Comencemos con una declaración que, en tiempos normales, sería absolutamente incontrovertible: hubo un claro ganador en las elecciones presidenciales de Estados Unidos. Ese vencedor fue Joe Biden. Sin embargo, casi la mitad de los estadounidenses se niegan a aceptar que ganó legítimamente.

Las democracias dependen de la fe generalizada en que se está respetando la voluntad política del pueblo; esto ha sido cierto para todas las democracias industriales avanzadas en la era de la posguerra.

Pero las elecciones de 2020 y sus turbulentas secuelas han demostrado que eso ya no puede darse por sentado en Estados Unidos. Joe Biden es el presidente número 46* del país, y ese asterisco denota su ilegitimidad percibida a los ojos de millones. Y todas las señales apuntan a que esta es la nueva normalidad de la política estadounidense. La era de la ‘presidencia asterisco’ está en marcha.

La fe en el proceso político estadounidense no es lo único que se ha trastocado en los últimos años, ya que la creciente desigualdad ha reconfigurado los bloques de votación tradicionales.

Hoy en día, la división política dominante en Estados Unidos es entre las coaliciones de los habitantes urbanos con educación universitaria y los votantes rurales. El presidente saliente de EE. UU., Donald Trump, se ha aprovechado de esta división (y del colegio electoral que la magnifica) logrando un gran efecto, al obtener la victoria en 2016 y casi el triunfo en 2020.

Él ha sido impulsado por un entorno mediático fragmentado por el auge de la tecnología, lo que hace que elegir narrativas noticiosas que refuercen las propias creencias sea más fácil que nunca antes gracias a las redes sociales.

Y luego está la política personal de Trump, basada principalmente en avivar las divisiones. El mandatario ha llegado a representar el ala antisistema (antistablishment) de la política estadounidense, y su continuo apoyo entre los votantes republicanos ampliará la polarización del país y dará aire a teorías de conspiración infundadas.

Hay más que suficientes oportunistas políticos en Washington dispuestos a promover los ataques (no hay más que ver la cantidad de senadores republicanos que desafiaron la certificación de Biden a instancias de Trump). Los gritos de “fraude” electoral se han trasladado ahora a la corriente principal del discurso político estadounidense, y durarán mucho más que Trump en la escena política nacional.

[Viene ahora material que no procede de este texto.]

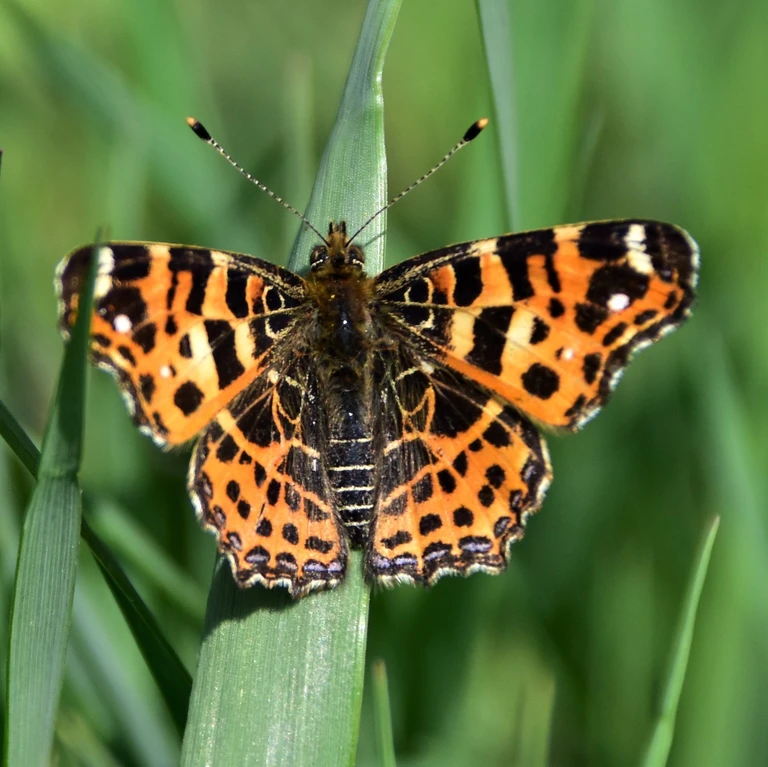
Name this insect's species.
Araschnia levana

Desafortunadamente para el presidente electo Biden, esto no es algo que pueda ignorar una vez que asuma el cargo el 20 de enero. Tener una gran parte de la oposición política que no solo se oponga a su agenda, sino que rechace activamente su derecho a presentarla, hará que le resulte aún más difícil lograr ideales progresistas como un salario mínimo nacional o un nuevo derecho al voto, para consternación de muchos en su base demócrata.

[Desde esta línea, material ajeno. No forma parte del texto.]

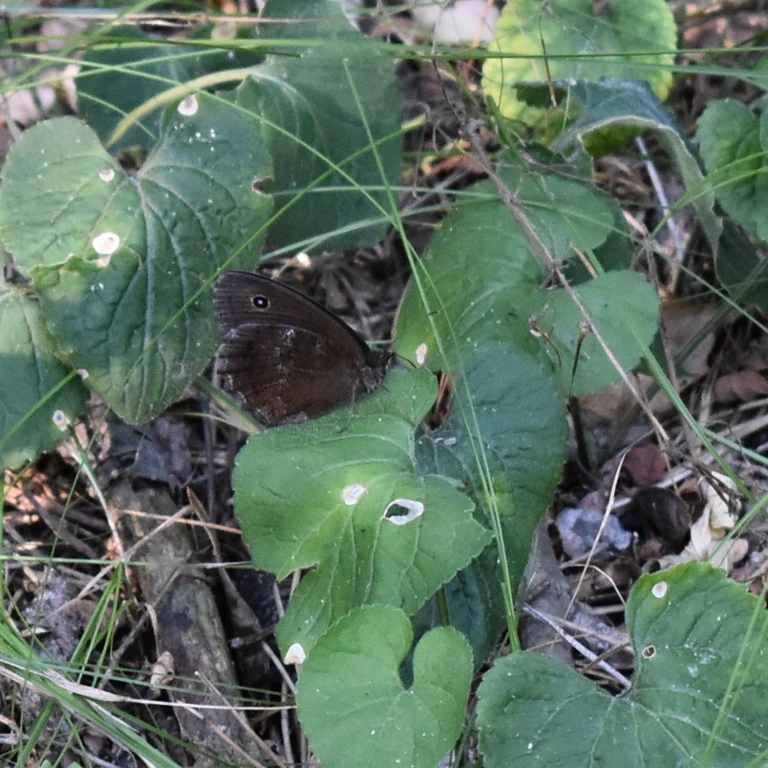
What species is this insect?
Minois dryas

Más preocupante para el país en su conjunto es que le limita fundamentalmente a hacer intentos de buena fe para reparar una red de seguridad social deteriorada, una de las causas clave de la desigualdad en la sociedad estadounidense actual, y emprender el tipo de estímulo masivo necesario para mantener la economía de Estados Unidos a flote, o para renovar las operaciones de atención médica, mientras el país permanece sumido en una pandemia única en el último siglo.

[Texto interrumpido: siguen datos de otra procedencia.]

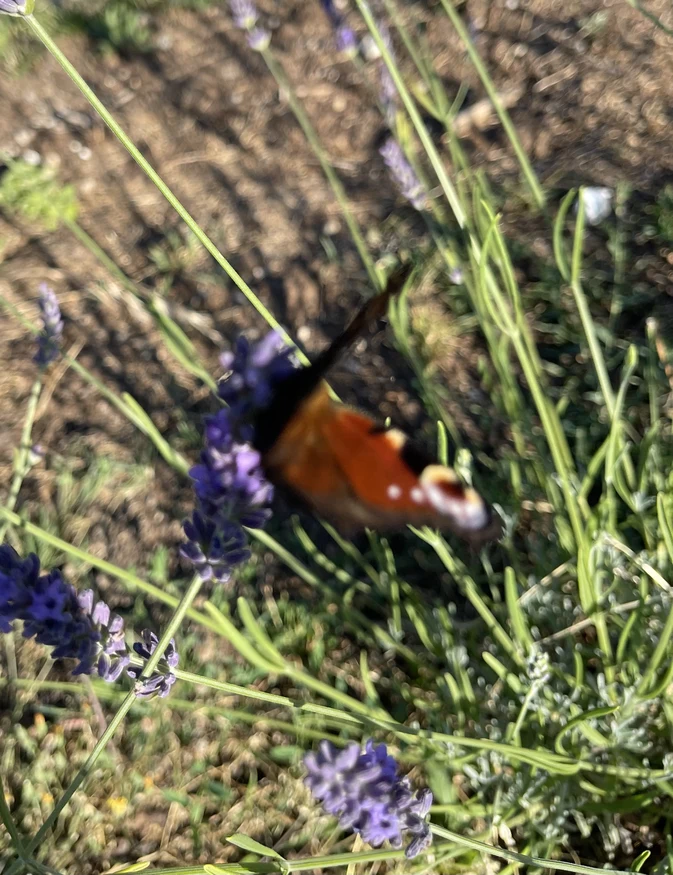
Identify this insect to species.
Aglais io

Cuando una parte considera que la otra es ilegítima, se hace imposible el compromiso y el trabajo conjunto a un nivel fundamental. Y no debemos equivocarnos, estos son desafíos que necesitan una amplia aceptación de ambos lados del pasillo político.

Si bien esto se trata principalmente de un riesgo interno de EE. UU., tiene efectos indirectos en el resto del mundo. Estados Unidos sigue siendo el país más poderoso del planeta, pero una nación dividida entre sí no puede liderar a otras.

Eso significa más disfunción geopolítica en el exterior, ya que Estados Unidos seguirá siendo incapaz de desempeñar el papel de mediador internacional que alguna vez tuvo, ya que Washington está dividido sobre sus objetivos de política exterior y cómo lograrlos.

De manera igualmente crítica, los aliados de Estados Unidos se mantendrán alejados de Washington porque temen que pueda volver repentinamente a una orientación de ‘America First’ en solo cuatro años, y los enemigos del país podrían sentirse envalentonados al anticipar la misma posibilidad.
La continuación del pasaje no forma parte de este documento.